Re: [PATCH v2 2/4] cxl/mem: Fix synchronization mechanism for device removal vs ioctl operations

From: Jason Gunthorpe
Date: Tue Mar 30 2021 - 11:48:00 EST


On Tue, Mar 30, 2021 at 08:37:19AM -0700, Dan Williams wrote:
> On Tue, Mar 30, 2021 at 4:16 AM Jason Gunthorpe <jgg@xxxxxxxxxx> wrote:
> >
> > On Mon, Mar 29, 2021 at 07:47:49PM -0700, Dan Williams wrote:
> >
> > > @@ -1155,21 +1175,12 @@ static void cxlmdev_unregister(void *_cxlmd)
> > > struct cxl_memdev *cxlmd = _cxlmd;
> > > struct device *dev = &cxlmd->dev;
> > >
> > > - percpu_ref_kill(&cxlmd->ops_active);
> > > cdev_device_del(&cxlmd->cdev, dev);
> > > - wait_for_completion(&cxlmd->ops_dead);
> > > + synchronize_srcu(&cxl_memdev_srcu);
> >
> > This needs some kind of rcu protected pointer for SRCU to to
> > work.. The write side has to null the pointer and the read side has to
> > copy the pointer to the stack and check for NULL.
> >
> > Otherwise the read side can't detect when the write side is shutting
> > down.
> >
> > Basically you must use rcu_derference(), rcu_assign_pointer(), etc
> > when working with RCU.
>
> If the shutdown path was not using synchronize_rcu() then I would
> agree with you. This usage of srcu is also used to protect dax device
> shutdown after talking through rwsem vs srcu in this thread with Jan
> and Paul [1]. The syncrhonize_rcu() guarantees that all read-side
> critical sections have had at least one chance to quiesce.
>
> So this could either use rcu pointer accessors and call_srcu to free
> the object in a quiescent state, or it can use synchronize_srcu()
> relative to a condition that aborts usage of the pointer.

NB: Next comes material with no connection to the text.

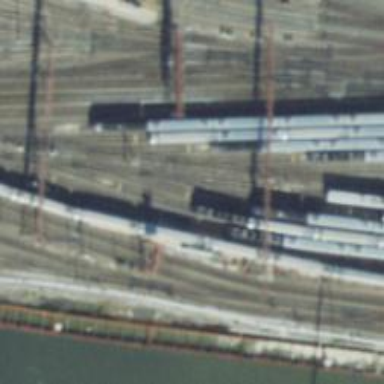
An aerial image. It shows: Rail yard with electrified contact lines for railway operations.

synchronize_rcu doesn't stop the read side from running it. It only
guarentees that all running or future read sides will see the *write*
performed prior to synchronize_rcu.

If you can't clearly point to the *data* under RCU protection it is
being used wrong.

Same as if you can't point to the *data* being protected by a rwsem it
is probably being used wrong.

We are not locking code.

Jason